* Activity *
Repeat the records below word for word and omit each image.

[Extracted data entries]

· · · · ·

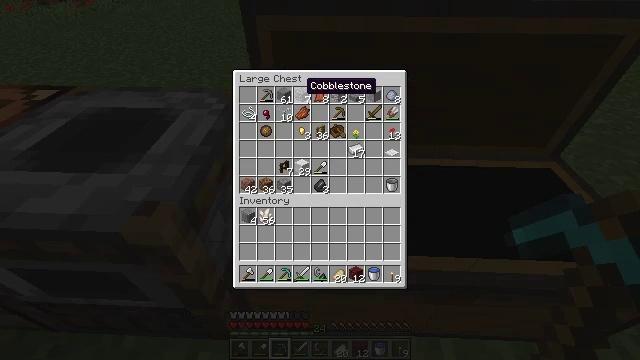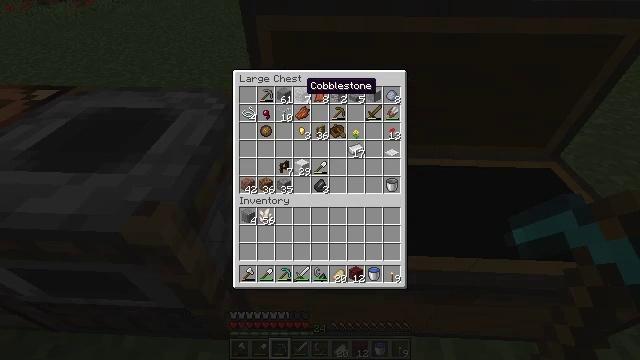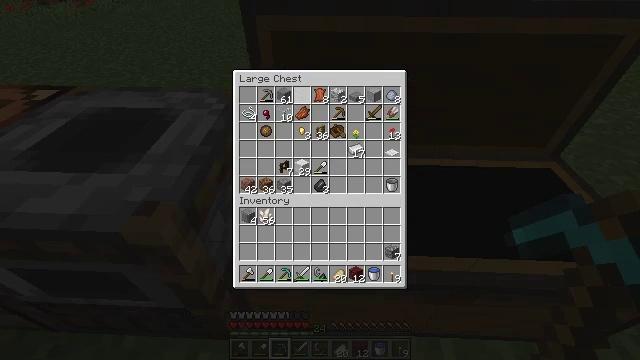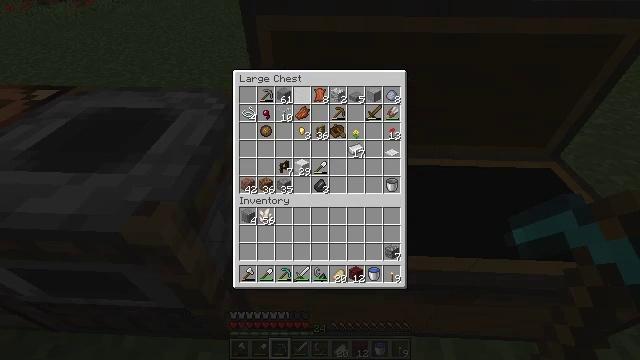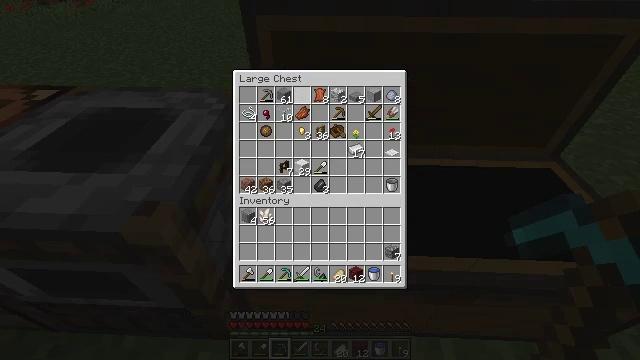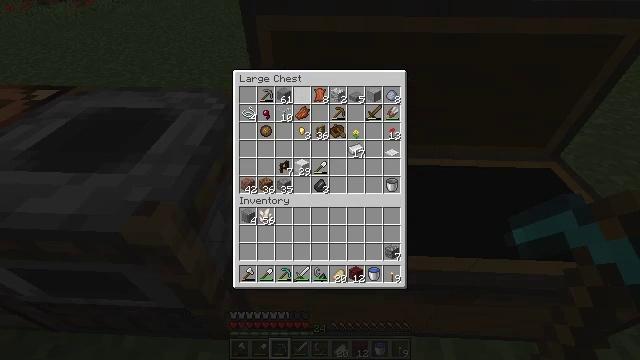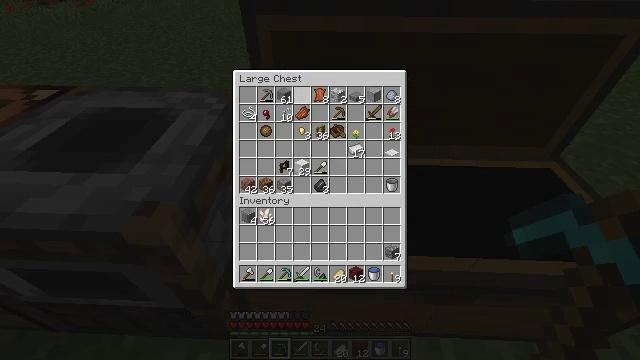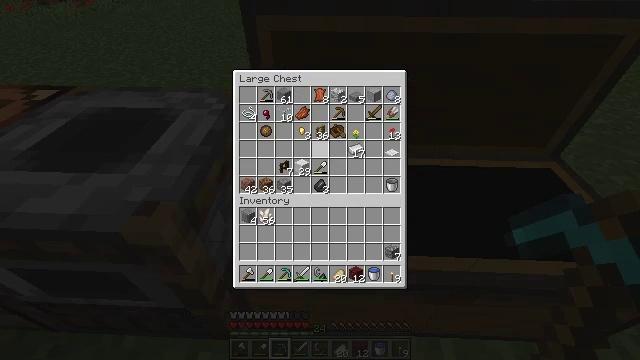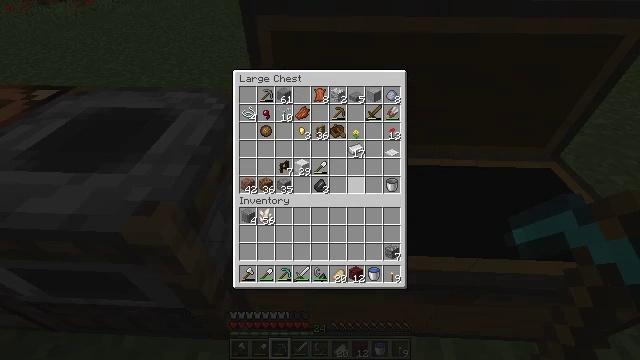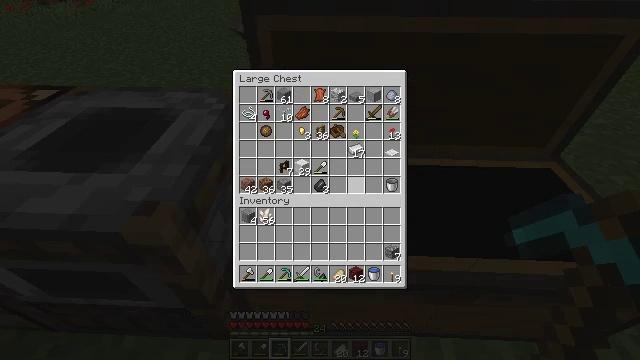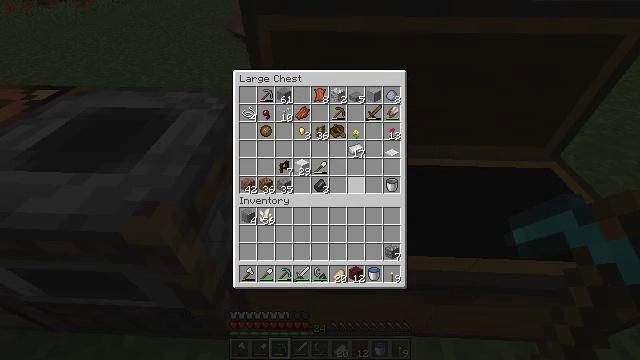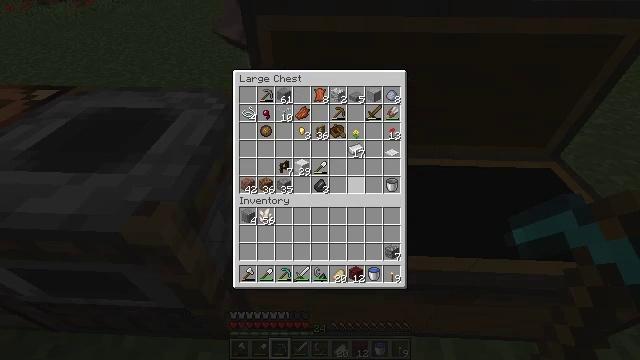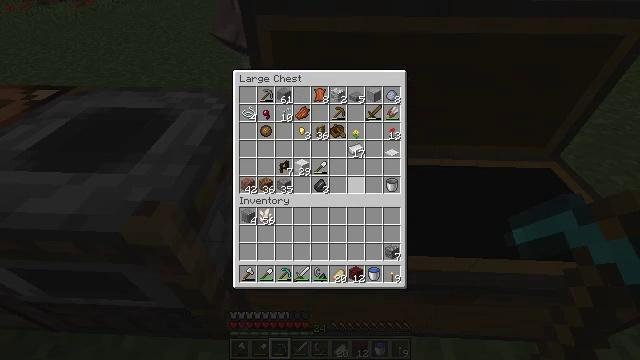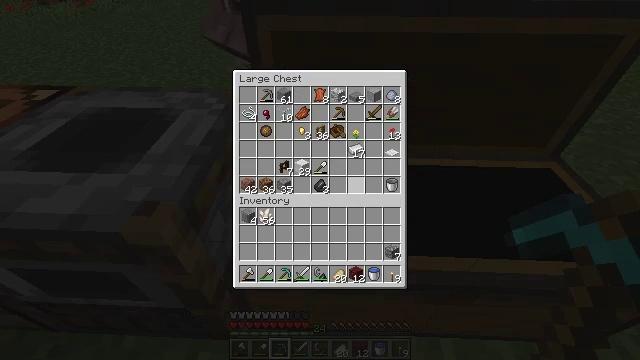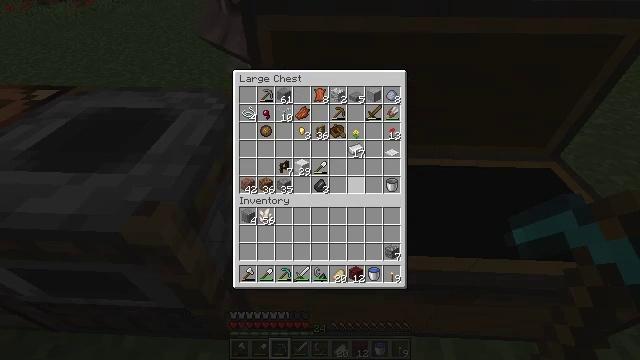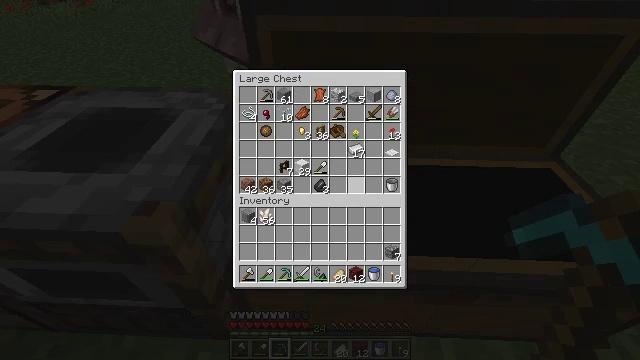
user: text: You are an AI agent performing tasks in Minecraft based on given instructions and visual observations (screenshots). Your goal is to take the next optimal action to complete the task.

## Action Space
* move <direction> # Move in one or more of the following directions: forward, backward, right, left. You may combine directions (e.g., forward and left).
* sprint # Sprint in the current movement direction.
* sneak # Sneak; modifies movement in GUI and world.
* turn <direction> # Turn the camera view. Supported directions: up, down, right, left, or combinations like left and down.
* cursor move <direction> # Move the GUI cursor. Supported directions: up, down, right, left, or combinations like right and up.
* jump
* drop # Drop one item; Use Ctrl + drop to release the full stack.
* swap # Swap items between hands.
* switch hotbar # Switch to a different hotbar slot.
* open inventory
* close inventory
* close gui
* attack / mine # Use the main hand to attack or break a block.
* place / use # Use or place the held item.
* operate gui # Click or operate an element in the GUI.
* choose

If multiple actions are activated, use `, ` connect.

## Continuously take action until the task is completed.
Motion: motion action
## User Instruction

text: Craft some stone stairs in the crafting grid.
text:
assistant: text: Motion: sneak
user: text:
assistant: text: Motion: sneak, attack / mine
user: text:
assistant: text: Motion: sneak, attack / mine
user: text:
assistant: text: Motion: sneak
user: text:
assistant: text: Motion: sneak
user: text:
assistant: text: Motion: sneak
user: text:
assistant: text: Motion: sneak, turn right and down
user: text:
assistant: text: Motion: sneak, turn right and down
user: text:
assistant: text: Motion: sneak, turn right and down
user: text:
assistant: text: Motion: sneak
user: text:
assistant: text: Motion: sneak
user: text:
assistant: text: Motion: sneak
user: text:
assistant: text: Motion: sneak
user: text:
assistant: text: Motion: sneak
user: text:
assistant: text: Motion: sneak
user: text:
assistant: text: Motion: sneak
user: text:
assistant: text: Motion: sneak
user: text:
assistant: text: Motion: sneak
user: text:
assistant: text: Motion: sneak
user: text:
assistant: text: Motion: sneak
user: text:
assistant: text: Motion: sneak
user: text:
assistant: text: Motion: sneak
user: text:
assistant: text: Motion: sneak
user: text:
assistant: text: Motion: sneak
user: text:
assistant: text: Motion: sneak
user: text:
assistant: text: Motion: sneak
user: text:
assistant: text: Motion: sneak
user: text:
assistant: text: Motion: sneak
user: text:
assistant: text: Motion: sneak
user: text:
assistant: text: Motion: sneak
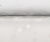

· · · · ·

* Result for this exercise *
user: text: You are an AI agent performing tasks in Minecraft based on given instructions and visual observations (screenshots). Your goal is to take the next optimal action to complete the task.

## Action Space
* move <direction> # Move in one or more of the following directions: forward, backward, right, left. You may combine directions (e.g., forward and left).
* sprint # Sprint in the current movement direction.
* sneak # Sneak; modifies movement in GUI and world.
* turn <direction> # Turn the camera view. Supported directions: up, down, right, left, or combinations like left and down.
* cursor move <direction> # Move the GUI cursor. Supported directions: up, down, right, left, or combinations like right and up.
* jump
* drop # Drop one item; Use Ctrl + drop to release the full stack.
* swap # Swap items between hands.
* switch hotbar # Switch to a different hotbar slot.
* open inventory
* close inventory
* close gui
* attack / mine # Use the main hand to attack or break a block.
* place / use # Use or place the held item.
* operate gui # Click or operate an element in the GUI.
* choose

If multiple actions are activated, use `, ` connect.

## Continuously take action until the task is completed.
Motion: motion action
## User Instruction

text: Craft some stone stairs in the crafting grid.
text:
assistant: text: Motion: sneak
user: text:
assistant: text: Motion: sneak, attack / mine
user: text:
assistant: text: Motion: sneak, attack / mine
user: text:
assistant: text: Motion: sneak
user: text:
assistant: text: Motion: sneak
user: text:
assistant: text: Motion: sneak
user: text:
assistant: text: Motion: sneak, turn right and down
user: text:
assistant: text: Motion: sneak, turn right and down
user: text:
assistant: text: Motion: sneak, turn right and down
user: text:
assistant: text: Motion: sneak
user: text:
assistant: text: Motion: sneak
user: text:
assistant: text: Motion: sneak
user: text:
assistant: text: Motion: sneak
user: text:
assistant: text: Motion: sneak
user: text:
assistant: text: Motion: sneak
user: text:
assistant: text: Motion: sneak
user: text:
assistant: text: Motion: sneak
user: text:
assistant: text: Motion: sneak
user: text:
assistant: text: Motion: sneak
user: text:
assistant: text: Motion: sneak
user: text:
assistant: text: Motion: sneak
user: text:
assistant: text: Motion: sneak
user: text:
assistant: text: Motion: sneak
user: text:
assistant: text: Motion: sneak
user: text:
assistant: text: Motion: sneak
user: text:
assistant: text: Motion: sneak
user: text:
assistant: text: Motion: sneak
user: text:
assistant: text: Motion: sneak
user: text:
assistant: text: Motion: sneak
user: text:
assistant: text: Motion: sneak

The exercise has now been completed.